WORD STUDY:  MY LORD AND MY GOD
John 20:28: “And Thomas answered and said unto him: My Lord and my God.”
My Lord and My God – Hebrew: adoni alei,  Aramaic: dari alahi.  Idiomatic expression of endearment – My dearest.
The passage in John 20:27-29 does not say that Thomas did touch the nail prints and the side of Jesus, it only tells us he said in Greek “Ho, kuios mou, Ho Theos mou.”  “My Lord and my God.”   Some liberal theologians have tried to dismiss that last phrase as an exclamation, ie., “My Lord and oh my gosh.”  That is because they are quite of aware that Thomas may have spoken this  phrase in Hebrew and it would have been “adoni alei,”  or in Aramaic “dari alahi.”  This would be tantamount to declaring Jesus to be God Jehovah.   A good Jew like Thomas would not utter the sacred name but by saying “adoni alei” that would be the closest he could come to declaring Jesus as God without calling Him Jehovah.  Even if he spoke it in his colloquial language of Aramaic, dari alahi it would have still expressed the idea that Jesus was indeed Jehovah God.  Both, however, would be offensive to many translators because it would have been like calling the Almighty, creator of the universe, “My dearest.”  Many Christians think that is getting  a little too personal with God.
However, “adoni alei” is a term rarely used in the Old Testament, except in the Psalms where David uses it quite frequently and most likely where its origins lies in becoming a expression of love toward God or a term of endearment. Sort of like a husband calling his wife “My dearest.”   He is the only person in the world that can call this woman “My dearest.”  You, try it and you could end up with a black eye, not only from him but from her as well.  So too is the expression “adoni alei”  or dari alahi a term of endearment. To use this phrase with anyone but God Jehovah would be to give that person the status of diety and be blasphemous.  It is a special expression that can only be used with God Jehovah and only used if you really love Him.
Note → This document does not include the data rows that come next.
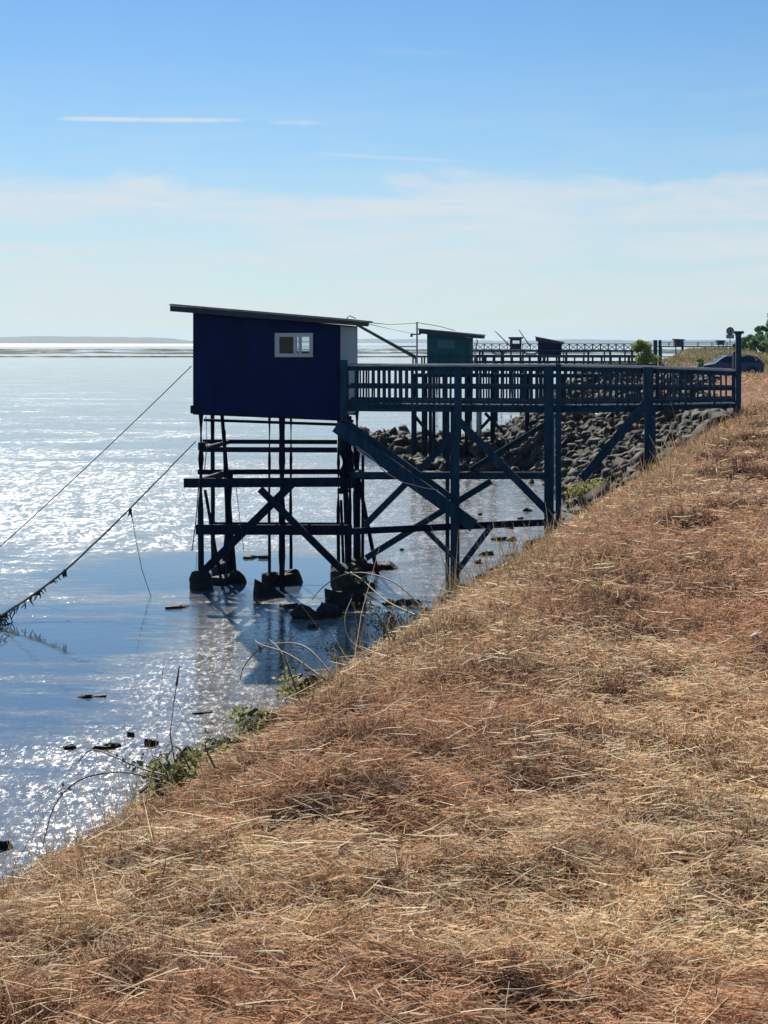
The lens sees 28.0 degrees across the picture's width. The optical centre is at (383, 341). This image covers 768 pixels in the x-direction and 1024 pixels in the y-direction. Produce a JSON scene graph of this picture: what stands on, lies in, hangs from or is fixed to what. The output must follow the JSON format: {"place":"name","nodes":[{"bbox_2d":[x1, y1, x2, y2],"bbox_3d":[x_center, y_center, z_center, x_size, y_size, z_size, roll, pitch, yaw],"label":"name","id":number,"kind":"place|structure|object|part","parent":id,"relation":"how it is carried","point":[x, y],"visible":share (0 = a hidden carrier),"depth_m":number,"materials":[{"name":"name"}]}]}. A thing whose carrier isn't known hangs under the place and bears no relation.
{"place":"outdoors","nodes":[
{"label":"outdoors","id":0,"kind":"place"},
{"bbox_2d":[0,343,758,887],"bbox_3d":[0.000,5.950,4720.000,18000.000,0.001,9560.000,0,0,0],"label":"water","id":1,"kind":"structure","parent":0,"point":[98,621],"depth_m":41.13,"materials":[{"name":"blue liquid"}]},
{"bbox_2d":[0,840,12,849],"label":"rock","id":2,"kind":"object","parent":1,"relation":"in","point":[4,845],"visible":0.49,"depth_m":18.05,"materials":[{"name":"black stone"}]},
{"bbox_2d":[0,614,12,629],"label":"weed tangle","id":3,"kind":"object","parent":1,"relation":"in","point":[5,617],"visible":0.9,"depth_m":31.79,"materials":[{"name":"black plant"}]},
{"bbox_2d":[63,744,76,748],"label":"rock","id":4,"kind":"object","parent":1,"relation":"in","point":[69,746],"visible":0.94,"depth_m":22.50,"materials":[{"name":"black stone"}]},
{"bbox_2d":[77,693,105,697],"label":"rock","id":5,"kind":"object","parent":1,"relation":"in","point":[86,695],"visible":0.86,"depth_m":25.75,"materials":[{"name":"grey stone"}]},
{"bbox_2d":[91,742,120,748],"bbox_3d":[-4.075,5.964,22.566,0.434,0.174,0.201,0,0,-30],"label":"rock","id":6,"kind":"object","parent":1,"relation":"in","point":[109,745],"visible":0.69,"depth_m":22.52,"materials":[{"name":"black stone"}]},
{"bbox_2d":[127,732,134,736],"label":"rock","id":7,"kind":"object","parent":1,"relation":"in","point":[131,734],"visible":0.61,"depth_m":23.21,"materials":[{"name":"black stone"}]},
{"bbox_2d":[144,738,157,744],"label":"rock","id":8,"kind":"object","parent":1,"relation":"in","point":[152,741],"visible":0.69,"depth_m":22.71,"materials":[{"name":"black stone"}]},
{"bbox_2d":[165,604,189,608],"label":"rock","id":9,"kind":"object","parent":1,"relation":"in","point":[178,606],"visible":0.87,"depth_m":34.36,"materials":[{"name":"grey stone"}]},
{"bbox_2d":[193,710,212,713],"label":"rock","id":10,"kind":"object","parent":1,"relation":"in","point":[206,711],"visible":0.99,"depth_m":24.67,"materials":[{"name":"grey stone"}]},
{"bbox_2d":[212,570,246,584],"bbox_3d":[-3.892,5.995,37.905,1.053,0.731,0.438,0,0,-40],"label":"rock","id":11,"kind":"object","parent":1,"relation":"in","point":[234,576],"visible":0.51,"depth_m":37.88,"materials":[{"name":"grey stone"}]},
{"bbox_2d":[243,554,267,558],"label":"rock","id":12,"kind":"object","parent":1,"relation":"in","point":[264,556],"visible":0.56,"depth_m":42.26,"materials":[{"name":"grey stone"}]},
{"bbox_2d":[253,579,284,597],"bbox_3d":[-2.688,6.038,35.907,0.750,1.046,0.552,0,0,0],"label":"rock","id":13,"kind":"object","parent":1,"relation":"in","point":[261,590],"visible":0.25,"depth_m":35.84,"materials":[{"name":"grey stone"}]},
{"bbox_2d":[275,569,302,584],"bbox_3d":[-2.391,6.013,37.925,0.811,0.824,0.522,0,0,0],"label":"rock","id":14,"kind":"object","parent":1,"relation":"in","point":[292,576],"visible":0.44,"depth_m":37.84,"materials":[{"name":"grey stone"}]},
{"bbox_2d":[282,603,297,608],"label":"rock","id":15,"kind":"object","parent":1,"relation":"in","point":[289,605],"visible":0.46,"depth_m":34.33,"materials":[{"name":"grey stone"}]},
{"bbox_2d":[307,624,319,627],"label":"rock","id":16,"kind":"object","parent":1,"relation":"in","point":[312,625],"visible":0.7,"depth_m":32.00,"materials":[{"name":"black stone"}]},
{"bbox_2d":[289,602,344,619],"bbox_3d":[-1.414,5.957,33.222,1.205,0.664,0.578,0,0,-27],"label":"rock","id":17,"kind":"object","parent":1,"relation":"in","point":[325,610],"visible":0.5,"depth_m":33.11,"materials":[{"name":"grey stone"}]},
{"bbox_2d":[324,588,365,608],"bbox_3d":[-0.868,6.026,34.508,1.000,1.020,0.508,0,0,-24],"label":"rock","id":18,"kind":"object","parent":1,"relation":"in","point":[340,599],"visible":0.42,"depth_m":34.35,"materials":[{"name":"grey stone"}]},
{"bbox_2d":[357,580,374,590],"bbox_3d":[-0.556,5.962,36.905,0.702,0.521,0.617,0,0,0],"label":"rock","id":19,"kind":"object","parent":1,"relation":"in","point":[363,585],"visible":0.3,"depth_m":36.81,"materials":[{"name":"grey stone"}]},
{"bbox_2d":[367,561,398,569],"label":"rock","id":20,"kind":"object","parent":1,"relation":"in","point":[385,564],"visible":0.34,"depth_m":40.27,"materials":[{"name":"grey stone"}]},
{"bbox_2d":[382,598,422,604],"bbox_3d":[0.377,5.969,34.998,1.011,0.318,0.501,0,0,0],"label":"rock","id":21,"kind":"object","parent":1,"relation":"in","point":[407,602],"visible":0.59,"depth_m":34.86,"materials":[{"name":"grey stone"}]},
{"bbox_2d":[478,550,493,555],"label":"rock","id":22,"kind":"object","parent":1,"relation":"in","point":[489,552],"visible":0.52,"depth_m":42.97,"materials":[{"name":"grey stone"}]},
{"bbox_2d":[491,536,506,539],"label":"rock","id":23,"kind":"object","parent":1,"relation":"in","point":[502,538],"visible":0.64,"depth_m":46.21,"materials":[{"name":"grey stone"}]},
{"bbox_2d":[509,337,522,389],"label":"fishing hut","id":24,"kind":"object","parent":1,"relation":"in","point":[513,346],"visible":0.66,"depth_m":189.98,"materials":[{"name":"grey wood"}]},
{"bbox_2d":[436,343,642,389],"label":"jetty","id":25,"kind":"object","parent":1,"relation":"in","point":[592,344],"visible":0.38,"depth_m":190.04,"materials":[{"name":"grey wood"}]},
{"bbox_2d":[491,331,510,354],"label":"lift net","id":26,"kind":"object","parent":25,"relation":"attached to","point":[494,353],"visible":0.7,"depth_m":189.77,"materials":[{"name":"metal"}]},
{"bbox_2d":[519,330,537,354],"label":"lift net","id":27,"kind":"object","parent":25,"relation":"attached to","point":[526,353],"visible":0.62,"depth_m":189.48,"materials":[{"name":"metal"}]},
{"bbox_2d":[0,348,758,356],"bbox_3d":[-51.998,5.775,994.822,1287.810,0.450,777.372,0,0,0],"label":"mudflats","id":28,"kind":"structure","parent":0,"point":[35,351],"depth_m":851.88,"materials":[{"name":"grey soil"}]},
{"bbox_2d":[0,336,765,343],"bbox_3d":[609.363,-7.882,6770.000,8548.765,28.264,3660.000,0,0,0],"label":"hills","id":29,"kind":"structure","parent":0,"point":[70,340],"depth_m":5151.21,"materials":[{"name":"grey"}]},
{"bbox_2d":[0,0,767,340],"label":"sky","id":30,"kind":"structure","parent":0,"point":[549,169],"materials":[{"name":"blue"}]},
{"bbox_2d":[0,349,767,1023],"bbox_3d":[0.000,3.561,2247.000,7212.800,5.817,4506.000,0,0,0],"label":"ground","id":31,"kind":"structure","parent":0,"point":[745,397],"depth_m":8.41,"materials":[{"name":"beige plant"}]},
{"bbox_2d":[43,723,224,843],"bbox_3d":[-1.027,1.703,5.811,0.976,0.628,0.220,0,0,39],"label":"bramble","id":32,"kind":"object","parent":31,"relation":"on","point":[166,757],"visible":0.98,"depth_m":5.62,"materials":[{"name":"green plant"}]},
{"bbox_2d":[156,665,163,752],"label":"reed","id":33,"kind":"object","parent":31,"relation":"on","point":[158,706],"visible":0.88,"depth_m":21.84,"materials":[{"name":"brown plant"}]},
{"bbox_2d":[120,756,211,808],"bbox_3d":[-0.788,1.782,5.992,0.397,0.320,0.350,0,0,14],"label":"weed clump","id":34,"kind":"object","parent":31,"relation":"on","point":[177,776],"visible":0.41,"depth_m":5.94,"materials":[{"name":"green plant"}]},
{"bbox_2d":[181,735,255,769],"bbox_3d":[-0.713,1.866,6.743,0.396,0.297,0.310,0,0,27],"label":"weed clump","id":35,"kind":"object","parent":31,"relation":"on","point":[237,740],"visible":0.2,"depth_m":6.72,"materials":[{"name":"green plant"}]},
{"bbox_2d":[228,700,296,740],"bbox_3d":[-0.550,1.798,6.976,0.324,0.315,0.445,0,0,0],"label":"weed clump","id":36,"kind":"object","parent":31,"relation":"on","point":[255,714],"visible":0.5,"depth_m":6.95,"materials":[{"name":"green plant"}]},
{"bbox_2d":[169,304,378,592],"bbox_3d":[-2.603,2.696,38.247,4.785,7.228,3.710,0,0,7],"label":"fishing hut","id":37,"kind":"object","parent":31,"relation":"on","point":[248,363],"visible":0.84,"depth_m":36.86,"materials":[{"name":"blue painted timber"},{"name":"dark timber"},{"name":"glass"}]},
{"bbox_2d":[0,366,191,546],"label":"mooring rope","id":38,"kind":"object","parent":37,"relation":"attached to","point":[97,456],"visible":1,"depth_m":37.20,"materials":[{"name":"grey fabric"}]},
{"bbox_2d":[0,441,195,622],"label":"weedy rope","id":39,"kind":"object","parent":37,"relation":"attached to","point":[63,573],"visible":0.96,"depth_m":33.86,"materials":[{"name":"black fabric"}]},
{"bbox_2d":[132,517,150,595],"bbox_3d":[-5.655,5.094,35.761,0.072,2.435,0.654,0,0,37],"label":"hanging rope","id":40,"kind":"object","parent":39,"relation":"hanging from","point":[139,556],"visible":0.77,"depth_m":35.71,"materials":[{"name":"black fabric"}]},
{"bbox_2d":[275,333,312,356],"bbox_3d":[-2.149,0.072,36.743,0.921,0.574,0.085,0,0,7],"label":"window","id":41,"kind":"structure","parent":37,"relation":"in","point":[277,335],"depth_m":36.71,"materials":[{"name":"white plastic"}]},
{"bbox_2d":[358,326,416,358],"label":"net boom","id":42,"kind":"object","parent":37,"relation":"attached to","point":[410,354],"visible":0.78,"depth_m":78.81,"materials":[{"name":"metal"}]},
{"bbox_2d":[362,321,414,324],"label":"wire","id":43,"kind":"object","parent":37,"relation":"attached to","point":[386,324],"visible":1,"depth_m":52.01,"materials":[{"name":"metal"}]},
{"bbox_2d":[240,640,342,695],"bbox_3d":[-0.568,1.602,7.474,0.226,0.329,1.153,0,0,-29],"label":"bramble","id":44,"kind":"object","parent":31,"relation":"on","point":[309,669],"visible":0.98,"depth_m":7.24,"materials":[{"name":"brown plant"}]},
{"bbox_2d":[271,665,335,702],"bbox_3d":[-0.385,1.957,8.478,0.475,0.333,0.391,0,0,0],"label":"weed clump","id":45,"kind":"object","parent":31,"relation":"on","point":[305,680],"visible":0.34,"depth_m":8.42,"materials":[{"name":"green plant"}]},
{"bbox_2d":[316,639,371,653],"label":"weed clump","id":46,"kind":"object","parent":31,"relation":"on","point":[335,646],"visible":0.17,"depth_m":29.85,"materials":[{"name":"green plant"}]},
{"bbox_2d":[312,568,422,669],"bbox_3d":[-0.265,1.607,9.191,0.543,0.510,1.528,0,0,-19],"label":"bramble","id":47,"kind":"object","parent":31,"relation":"on","point":[371,607],"visible":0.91,"depth_m":8.79,"materials":[{"name":"brown plant"}]},
{"bbox_2d":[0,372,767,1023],"bbox_3d":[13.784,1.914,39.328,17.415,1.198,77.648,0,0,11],"label":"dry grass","id":48,"kind":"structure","parent":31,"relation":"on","point":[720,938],"depth_m":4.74,"materials":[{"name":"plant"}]},
{"bbox_2d":[169,666,179,762],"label":"reed","id":49,"kind":"object","parent":48,"relation":"on","point":[176,683],"visible":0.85,"depth_m":6.24,"materials":[{"name":"brown plant"}]},
{"bbox_2d":[748,631,761,637],"bbox_3d":[1.927,1.522,8.002,0.056,0.034,0.064,0,0,43],"label":"paper scrap","id":50,"kind":"object","parent":48,"relation":"on","point":[753,635],"visible":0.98,"depth_m":7.99,"materials":[{"name":"white paper"}]},
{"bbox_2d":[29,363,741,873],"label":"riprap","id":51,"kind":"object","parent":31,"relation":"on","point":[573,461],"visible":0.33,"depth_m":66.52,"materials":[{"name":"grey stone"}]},
{"bbox_2d":[418,328,485,457],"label":"fishing hut","id":52,"kind":"object","parent":51,"relation":"on","point":[445,343],"visible":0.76,"depth_m":79.01,"materials":[{"name":"green wood"}]},
{"bbox_2d":[400,322,420,363],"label":"net mast","id":53,"kind":"object","parent":52,"relation":"attached to","point":[416,334],"visible":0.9,"depth_m":78.96,"materials":[{"name":"grey metal"}]},
{"bbox_2d":[411,340,660,457],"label":"jetty","id":54,"kind":"object","parent":51,"relation":"on","point":[415,419],"visible":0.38,"depth_m":78.75,"materials":[{"name":"grey wood"}]},
{"bbox_2d":[332,331,743,589],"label":"jetty","id":55,"kind":"object","parent":51,"relation":"on","point":[457,517],"visible":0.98,"depth_m":36.07,"materials":[{"name":"wood"}]},
{"bbox_2d":[535,336,564,397],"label":"fishing hut","id":56,"kind":"object","parent":51,"relation":"on","point":[546,344],"visible":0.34,"depth_m":114.98,"materials":[{"name":"blue wood"}]},
{"bbox_2d":[564,477,614,500],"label":"weed clump","id":57,"kind":"object","parent":51,"relation":"on","point":[581,489],"visible":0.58,"depth_m":50.87,"materials":[{"name":"green plant"}]},
{"bbox_2d":[631,339,661,364],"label":"bush","id":58,"kind":"object","parent":51,"relation":"on","point":[647,355],"visible":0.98,"depth_m":73.80,"materials":[{"name":"green plant"}]},
{"bbox_2d":[359,608,417,634],"bbox_3d":[0.214,5.960,31.686,1.597,0.895,1.317,0,0,27],"label":"weed clump","id":59,"kind":"object","parent":31,"relation":"on","point":[391,624],"visible":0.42,"depth_m":31.86,"materials":[{"name":"green plant"}]},
{"bbox_2d":[471,350,635,420],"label":"jetty","id":60,"kind":"object","parent":31,"relation":"on","point":[522,382],"visible":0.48,"depth_m":115.08,"materials":[{"name":"grey wood"}]},
{"bbox_2d":[555,480,584,500],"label":"bramble","id":61,"kind":"object","parent":31,"relation":"on","point":[563,488],"visible":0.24,"depth_m":57.54,"materials":[{"name":"green plant"}]},
{"bbox_2d":[595,346,767,409],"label":"meadow grass","id":62,"kind":"structure","parent":31,"relation":"on","point":[677,359],"depth_m":132.17,"materials":[{"name":"plant"}]},
{"bbox_2d":[657,342,730,358],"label":"jetty","id":63,"kind":"object","parent":31,"relation":"on","point":[689,346],"visible":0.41,"depth_m":250.09,"materials":[{"name":"grey wood"}]},
{"bbox_2d":[672,339,684,352],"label":"fishing hut","id":64,"kind":"object","parent":63,"relation":"on","point":[677,342],"visible":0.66,"depth_m":250.13,"materials":[{"name":"grey wood"}]},
{"bbox_2d":[715,340,725,347],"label":"fishing hut","id":65,"kind":"object","parent":63,"relation":"on","point":[719,342],"visible":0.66,"depth_m":249.65,"materials":[{"name":"grey wood"}]},
{"bbox_2d":[696,357,704,366],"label":"bush","id":66,"kind":"object","parent":31,"relation":"on","point":[700,360],"visible":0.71,"depth_m":97.91,"materials":[{"name":"green plant"}]},
{"bbox_2d":[694,355,764,373],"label":"parked car","id":67,"kind":"object","parent":31,"relation":"on","point":[751,363],"visible":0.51,"depth_m":106.00,"materials":[{"name":"paint"}]},
{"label":"side window","id":68,"kind":"part","parent":67,"relation":"part of","materials":[{"name":"black glass"}]},
{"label":"side window","id":69,"kind":"part","parent":67,"relation":"part of","materials":[{"name":"black glass"}]},
{"bbox_2d":[726,327,733,338],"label":"road sign","id":70,"kind":"object","parent":31,"relation":"on","point":[729,332],"visible":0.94,"depth_m":127.93,"materials":[{"name":"grey metal"}]},
{"bbox_2d":[741,337,748,347],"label":"tree","id":71,"kind":"object","parent":31,"relation":"on","point":[743,341],"visible":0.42,"depth_m":181.56,"materials":[{"name":"green plant"}]},
{"bbox_2d":[745,334,757,351],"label":"tree","id":72,"kind":"object","parent":31,"relation":"on","point":[749,337],"visible":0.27,"depth_m":171.59,"materials":[{"name":"green plant"}]},
{"bbox_2d":[747,325,767,352],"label":"tree","id":73,"kind":"object","parent":31,"relation":"on","point":[753,341],"visible":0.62,"depth_m":157.66,"materials":[{"name":"green plant"}]},
{"bbox_2d":[755,325,767,341],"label":"tree","id":74,"kind":"object","parent":31,"relation":"on","point":[758,338],"visible":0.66,"depth_m":152.41,"materials":[{"name":"green plant"}]},
{"bbox_2d":[759,313,767,351],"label":"tree","id":75,"kind":"object","parent":31,"relation":"on","point":[763,343],"visible":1,"depth_m":149.86,"materials":[{"name":"green plant"}]}
]}

That moment before Jesus, when Thomas had the complete awareness that he was before God Jehovah Himself, and the love and acceptance he must have felt at that moment coming from Jesus must have so overwhelmed him that he uttered those words of endearment like a lover would do the moment her beloved asks for her hand in marriage. That intense moment of love and acceptance caused Thomas to speak words of complete submission.   Thomas would never have forgotten that moment when he stood before Jesus and was first made aware that he was before the almighty God. Three years He walked with Jesus but until he knew Jesus as God Jehovah, could he only say: “adoni alei,” or “dari alahi.”
We will never be sure whether Thomas spoke those words in Aramaic or Hebrew but in my quiet moments when I am sharing a special, intimate private time with Jesus I like to use the Aramaic word dari.  You see, put adoni alei or dari alahi into modern 21st Century English and dari sounds so much like our English word – Dearest.